A l'audience du 19 juin 2023, la société [6] France était non comparante.

Par arrêt du 23 octobre 2023, la cour d'appel de Metz ordonnait la réouverture des débats aux fins d'inviter la société [5] à conclure avant le 23 janvier 2024, et à notifier ses pièces et conclusions à l'appelante pour cette date. L'affaire était renvoyée au 16 avril 2024.

A l'audience de plaidoirie, l'URSSAF Lorraine s'en rapportait à ses conclusions du 15 juin 2023 soutenues oralement.

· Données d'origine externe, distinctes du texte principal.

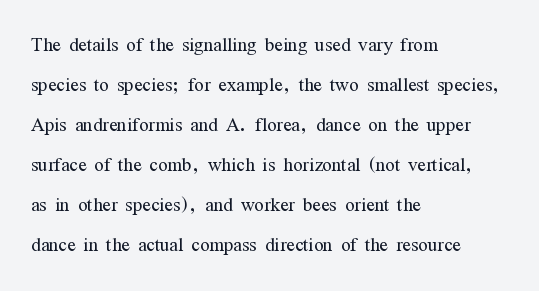
The area under the type is left untouched. A typesetter would mark this as roman, not italic. What's the leading like? Ordinary, nothing unusual. A typesetter would call this zero additional tracking. Which margin do the lines hug? The left one — the right edge is uneven. The cut favours lightness, reaching ordinary text weight at its darkest.

La société [6] France, par le biais de son représentant, indiquait ne pas contester le jugement, mais se disait être en attente des calculs corrigés au titre du chef de redressement n°1, et, à défaut, être prête à payer un montant de 15 441€ sans les majorations de retard. L'intimée se disait également opposée à la demande de l'URSSAF Lorraine sur le fondement de l'article 700 du code de procédure civile.

Pour un plus ample exposé des faits, de la procédure et des moyens des parties, il est expressément renvoyé aux écritures des parties et à la décision entreprise conformément à l'article 455 du code de procédure civile.

SUR CE,

Il sera tout d'abord relevé par la cour que le chef de redressement n°2 n'étant pas discuté par les parties à hauteur d'appel, il ne sera pas étudié par la cour.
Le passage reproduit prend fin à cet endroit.